As we all know, the specific relationships within the Poltulaca and Talinum remain obscure due to their complex past evolutionary histories. Recently, according to molecular and morphological evidence, the Anacampserotaceae, Basellaceae, Cactaceae, Didiereaceae, Portulacaceae, and Talinaceae were classified into four single independent families [17,18,19,20]. The Portulacaeae are now comprised only a single Portulace genus [21]. However, few reports have been published on the genetic diversity of chloroplast DNA from the Anacampserotaceae, Basellaceae, Cactaceae, Didiereaceae and Portulacaceae. From Figure 8, the cp genome protein coding genes of the phylogenetic trees show that P. oleracea and T. paniculatum do not belong to the same family, although the above data shows that there are many similarities between P. oleracea and T. paniculatum, which is consistent with the recent classification studies [20,45,46]. Hence, whole cp genome or the key segments of evolutionary variation should be used for phylogenetic study.

3. Discussion

We report a genome sequence of T. paniculatum, which provides an important resource for studying the evolution of the Caryophyllales and the molecular breeding of T. paniculatum with high pharmaceutical efficacy.
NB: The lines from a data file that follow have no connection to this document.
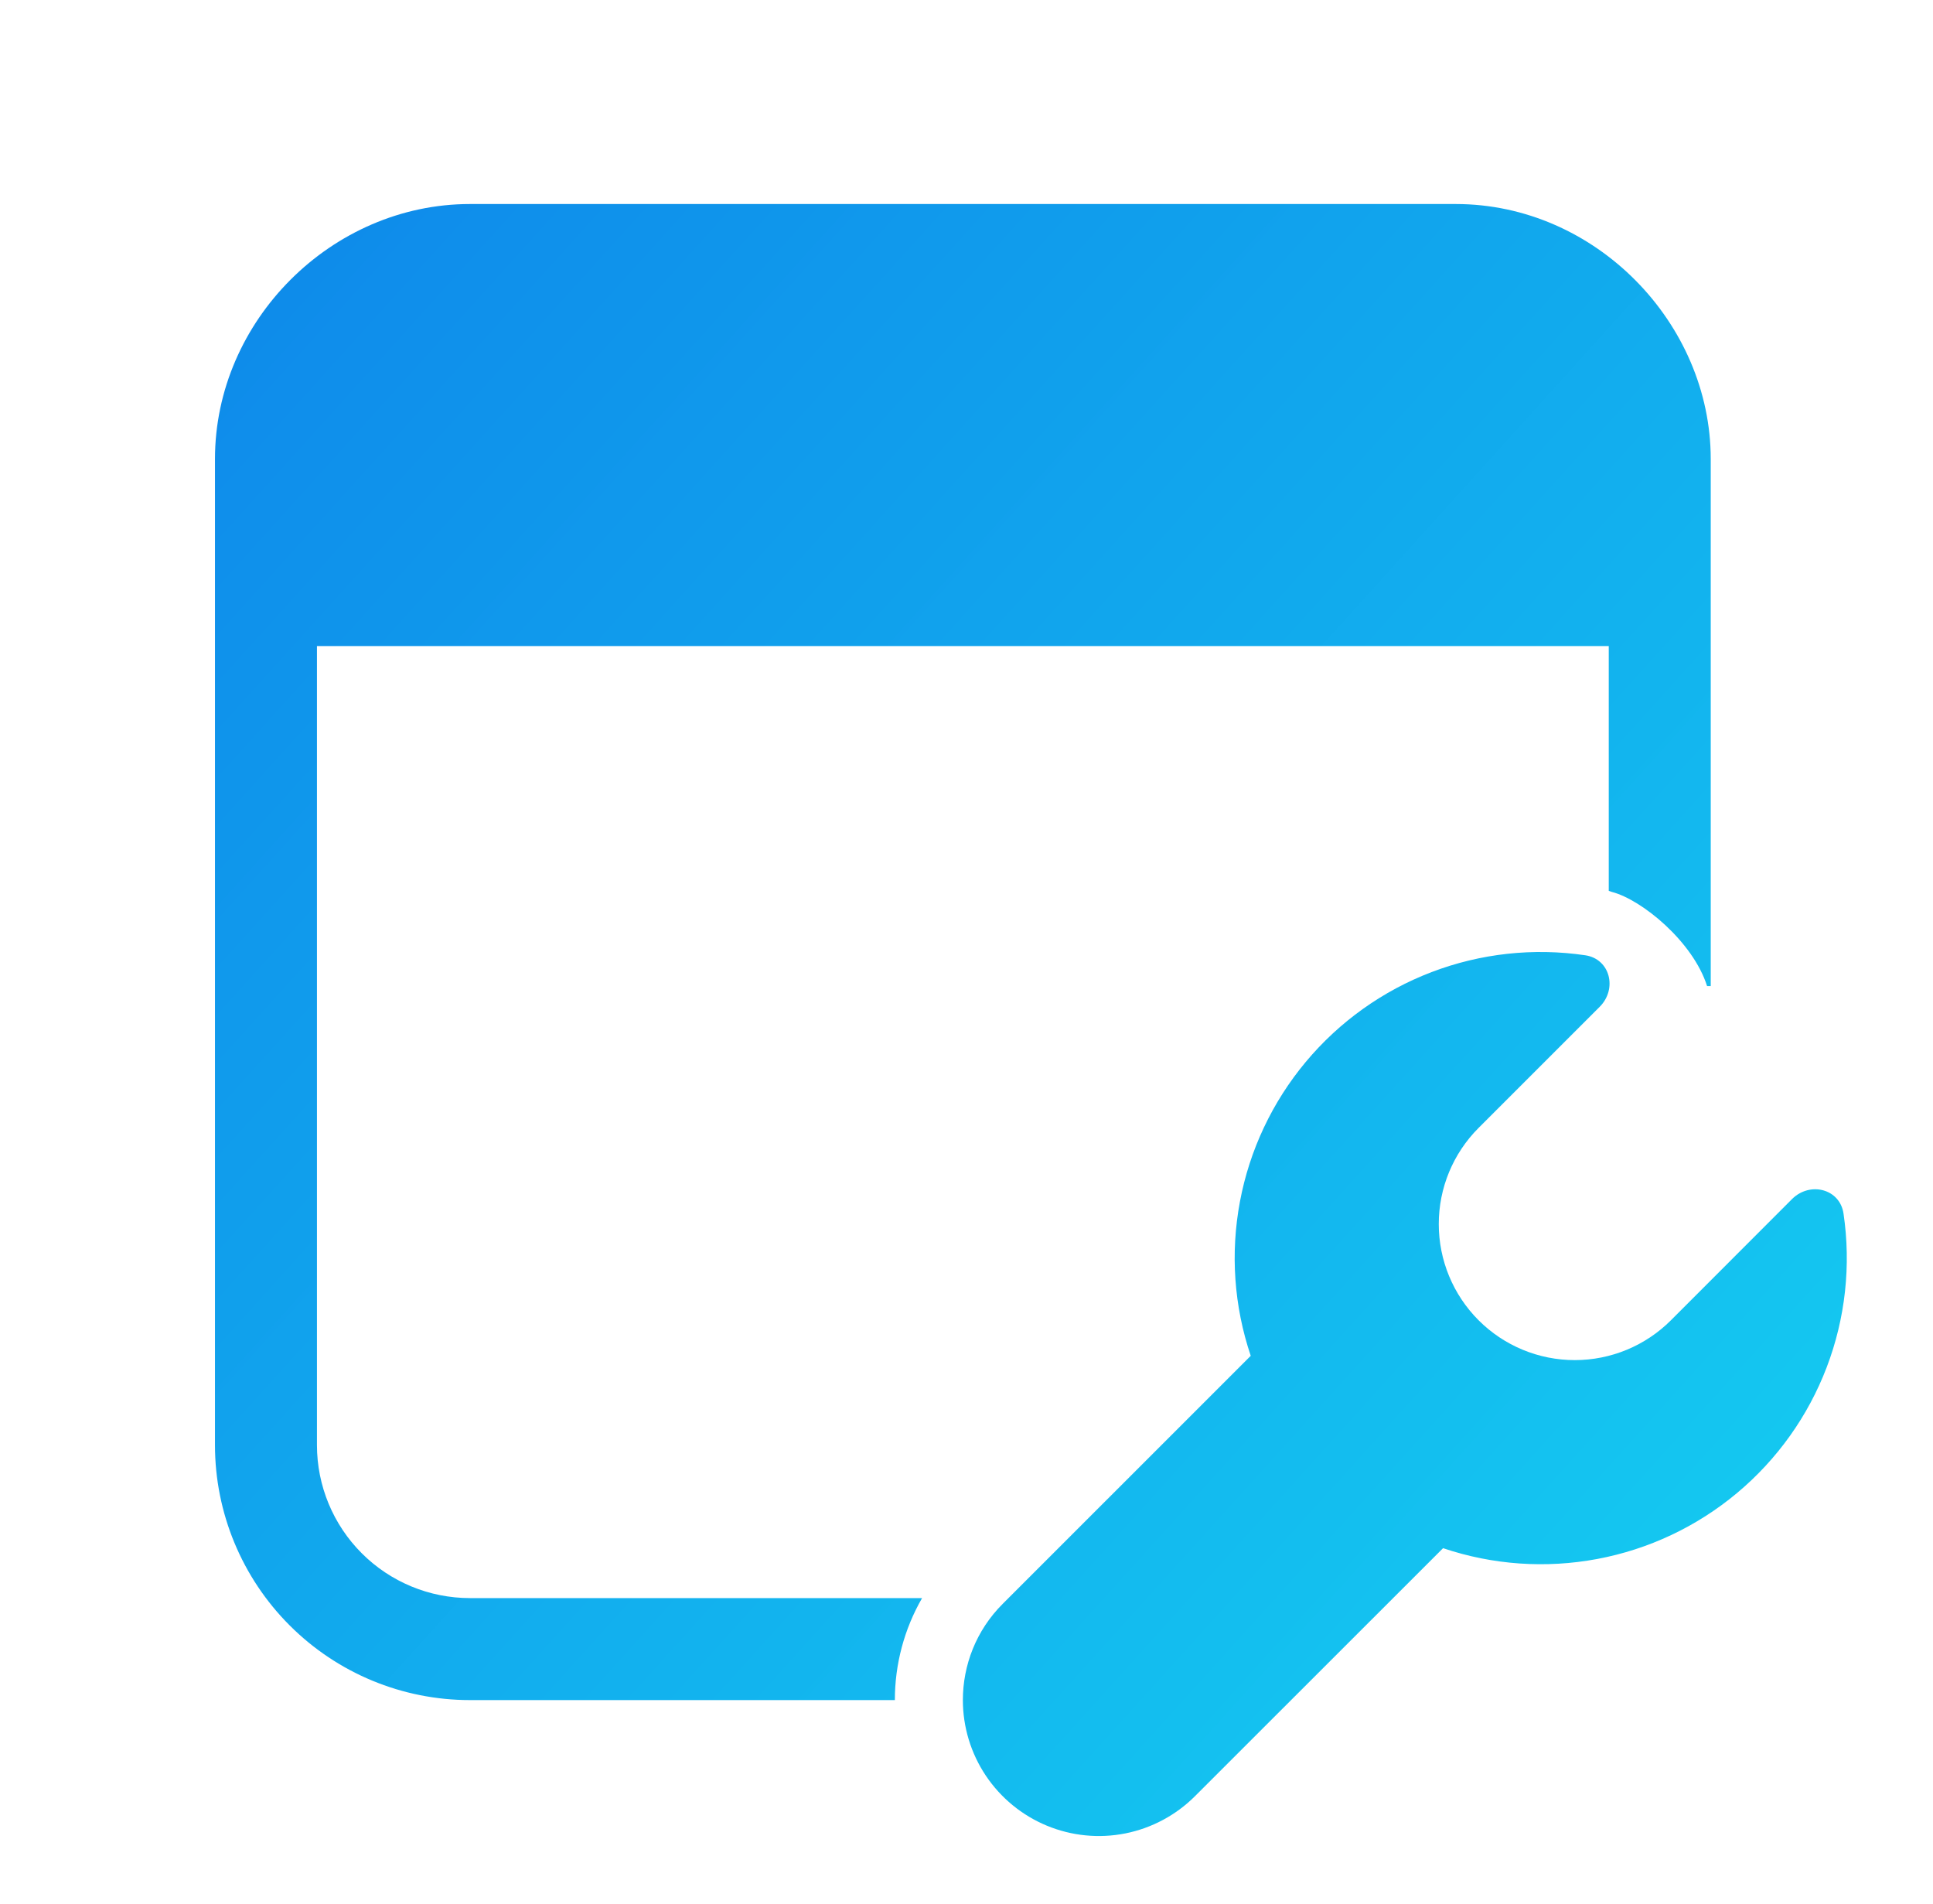 <svg width="66" height="65" viewBox="0 0 66 65" fill="none" xmlns="http://www.w3.org/2000/svg">
<path d="M16.045 6.965H49.706C54.474 6.965 58.411 11.025 58.411 15.67V33.661H58.286C57.805 32.143 56.055 30.711 55.036 30.448L54.929 30.411V22.054H10.822V49.331C10.822 50.716 11.372 52.045 12.352 53.024C13.331 54.004 14.66 54.554 16.045 54.554H31.483C30.873 55.613 30.553 56.814 30.554 58.036H16.045C13.736 58.036 11.522 57.119 9.89 55.486C8.257 53.854 7.34 51.64 7.34 49.331V15.67C7.34 10.939 11.333 6.965 16.045 6.965ZM32.876 58.036C32.876 58.954 33.149 59.851 33.659 60.614C34.17 61.377 34.895 61.972 35.743 62.323C36.591 62.674 37.524 62.766 38.425 62.587C39.325 62.407 40.152 61.965 40.801 61.316L49.272 52.85C50.966 53.422 52.778 53.548 54.535 53.219C56.292 52.89 57.935 52.115 59.307 50.969C60.679 49.823 61.734 48.344 62.371 46.674C63.008 45.003 63.206 43.197 62.945 41.429C62.82 40.577 61.796 40.324 61.185 40.934L57.053 45.069C56.183 45.94 55.002 46.43 53.77 46.43C52.538 46.431 51.357 45.942 50.486 45.071C49.615 44.2 49.125 43.02 49.125 41.788C49.124 40.556 49.613 39.375 50.484 38.504L54.62 34.369C55.229 33.759 54.978 32.735 54.126 32.61C52.357 32.349 50.551 32.547 48.881 33.184C47.211 33.821 45.732 34.876 44.586 36.248C43.44 37.62 42.665 39.263 42.336 41.02C42.006 42.777 42.133 44.589 42.705 46.283L34.236 54.751C33.328 55.657 32.876 56.848 32.876 58.036Z" fill="url(#paint0_linear_312_757)"/>
<defs>
<linearGradient id="paint0_linear_312_757" x1="7.881" y1="5.779" x2="65.077" y2="57.445" gradientUnits="userSpaceOnUse">
<stop stop-color="#0E88EA"/>
<stop offset="1" stop-color="#15CFF1"/>
</linearGradient>
</defs>
</svg>

Despite the fact that the chloroplast genomes of Angiosperms are well-conserved in the genomic structure in terms of gene order and number, length variations of the whole chloroplast genome sequences and LSC, SSC and IR regions, the IR expansion and contraction occur frequently. The results reported here are congruent with the recent studies which showed that the trnH-GUG gene was situated in the LSC region in some species of Caryophyllales, while the SSC/IRA border extends into the ycf1 with subsequent formation of a ycf1 pseudogene [47,48]. Boundary expansion and contraction between the single copy and IR boundary regions lead to sequence variation, which might be a base of plant lineages [49].

In this study, we analyzed codon usage frequency and RSCU in the T. paniculatum. As previously reported, leucine and isoleucine are the more commonly seen amino acids in the cp genomes of Angiosperms [33,50,51,52,53]. Likewise, like in earlier studies about repeats and SSRs, mononucleotide repeats are more abundant with A/T repeats, which is consistent with AT richness in Angiosperm chloroplast genomes [54,55,56]. Complement repeats were rarely found in T. paniculatum and C. gigantea [24]. Meanwhile, all of the SSRs in CDs locate in the LSC region [32]. These cp SSR markers could be a resource for molecular-marker-assisted selection breeding for T. paniculatum for production of high levels of biologically active compounds.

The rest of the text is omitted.